Recorded data

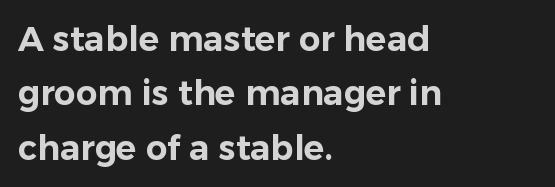
Notice how the stems are strictly vertical — no italics here. Grotesque or geometric, the face here clearly has no serifs. Which margin do the lines hug? The left one — the right edge is uneven. Summary of vertical rhythm: regular, with standard interline spacing. Varying glyph widths throughout — classic text-font behaviour.
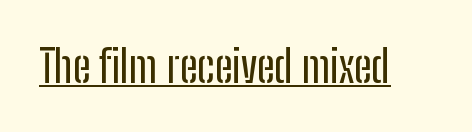
{"serif": "no", "italic": "no", "width": "condensed", "stroke_contrast": "low", "x_height": "medium", "monospaced": "no", "underline": "yes", "letter_spacing": "normal", "letter_spacing_em": 0.0, "glyph_px": 44}
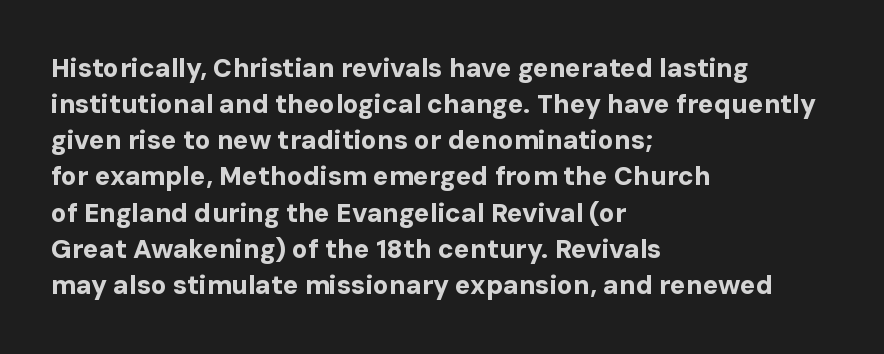
The image shows 26 px bold type, upright; set left-aligned, normal line spacing (1.39x), normal letter spacing, not underlined.
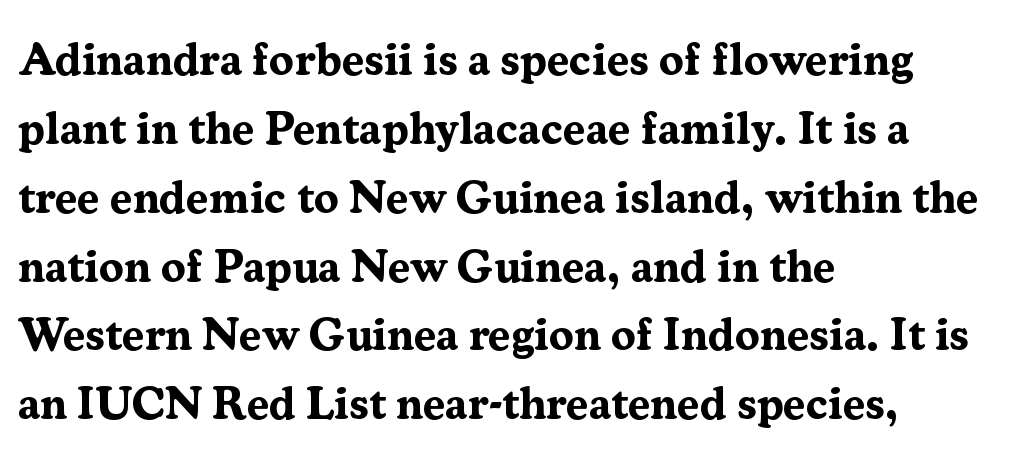
The image shows 45 px bold serif type, upright; set left-aligned, normal line spacing (1.53x), normal letter spacing, not underlined; medium stroke contrast and a medium x-height.
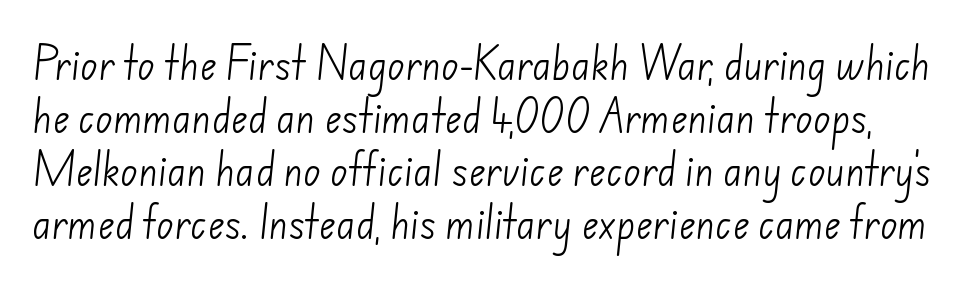
Between one letter and the next there's only the usual sliver of space. Is this a sans? Yes — the strokes have no serifs. A light-to-regular cut is what we see here. The lines sit at an ordinary, default distance from one another. Is this a fixed-width face? No — the glyphs have proportional, varying widths.
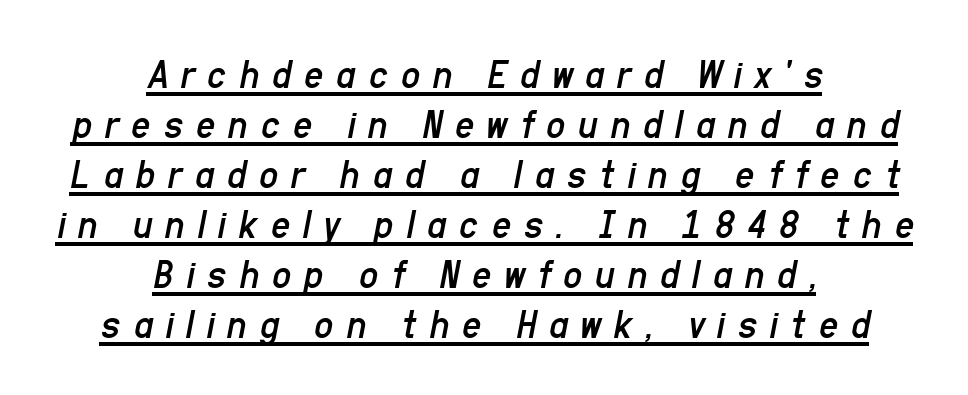
{"italic": "yes", "lean": "right", "slant_degrees": 11, "bold": "no", "weight": "regular", "width": "condensed", "stroke_contrast": "low", "x_height": "medium", "monospaced": "no", "underline": "yes", "align": "center", "line_spacing_ratio": 1.19, "letter_spacing": "wide", "letter_spacing_em": 0.3, "glyph_px": 42}
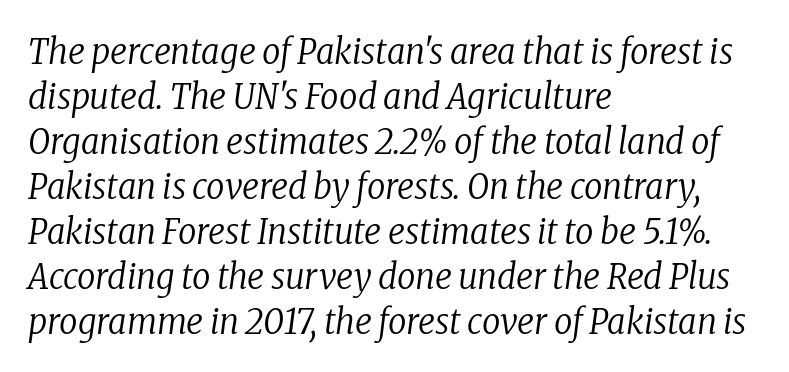
{"serif": "yes", "italic": "yes", "lean": "right", "slant_degrees": 8, "bold": "no", "weight": "regular", "width": "condensed", "stroke_contrast": "low", "x_height": "medium", "monospaced": "no", "underline": "no", "align": "left", "line_spacing": "normal", "line_spacing_ratio": 1.25, "letter_spacing": "normal", "letter_spacing_em": 0.0, "glyph_px": 36}
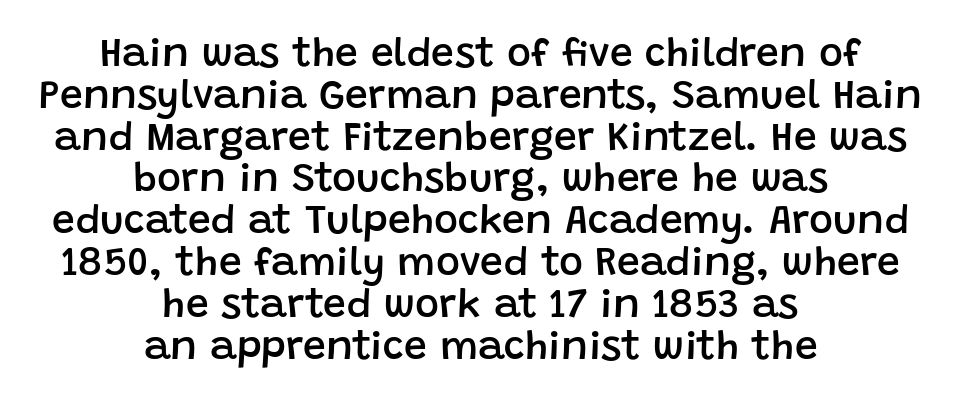
Q: Is the text bold? A: Semi-bold.
Q: Is the text italic (slanted)? A: No, it is upright.
Q: Is the typeface a serif or a sans-serif typeface? A: Sans-serif.
Q: Is the text underlined? A: No.
Q: How is the paragraph aligned? A: Centered.
Q: Is the spacing between letters normal or unusually wide? A: Normal.
Q: Is the spacing between lines tight, normal or loose? A: Tight.
Q: Width (condensed, normal, or wide)? A: Normal.
Q: Stroke contrast? A: Low.
Q: x-height? A: Large.
Q: Monospaced? A: No.
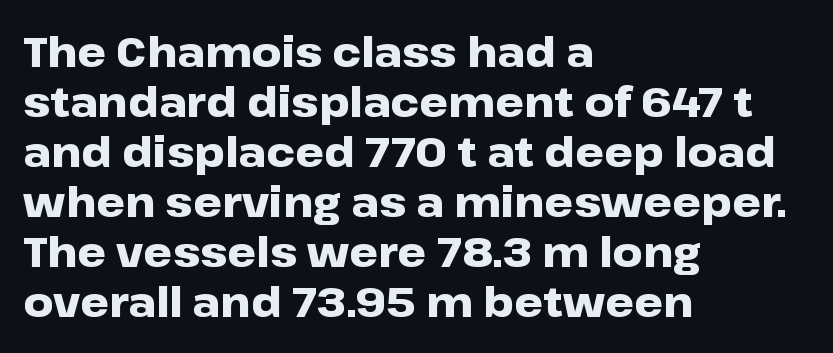
Unlike italic type, these characters show no tilt at all. What weight is shown? A full bold with thick strokes. This sample uses a sans-serif face. One-word summary of the alignment: left.
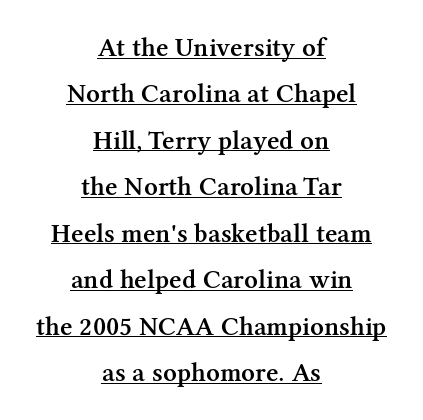
The image shows 27 px text type, upright; set centered, line spacing 1.72x, normal letter spacing, underlined.
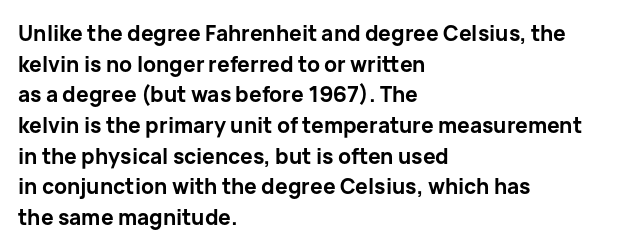
{"italic": "no", "bold": "yes", "underline": "no", "align": "left", "line_spacing": "normal", "line_spacing_ratio": 1.46, "letter_spacing": "normal", "letter_spacing_em": 0.0, "glyph_px": 21}
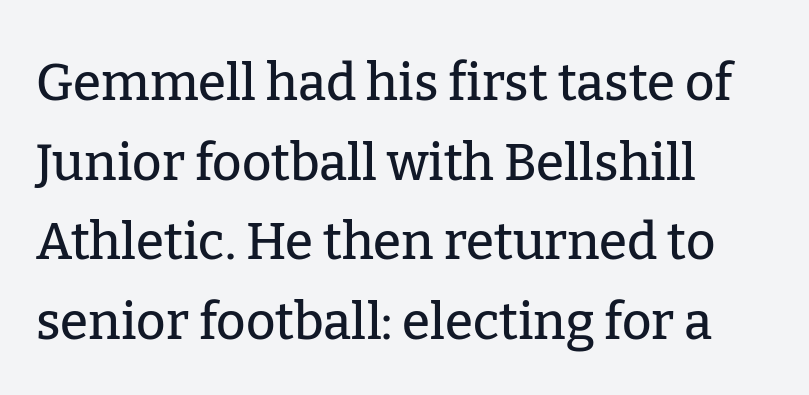
Is this a fixed-width face? No — the glyphs have proportional, varying widths. If you drew a ruler down the left edge, every line would touch it. You can tell it's not italic because the verticals are truly vertical. You could call the tracking neutral — neither tight nor loose. This rendering features lettering with no underline.

Your task —
Every line above between the one containing "The image shows 26" and the one containing "The image shows 45", those two included, is to be printed exactly. No pictures go into the copy.

Result —
The image shows 26 px bold type, upright; set left-aligned, normal line spacing (1.39x), normal letter spacing, not underlined.
The image shows 45 px bold serif type, upright; set left-aligned, normal line spacing (1.53x), normal letter spacing, not underlined; medium stroke contrast and a medium x-height.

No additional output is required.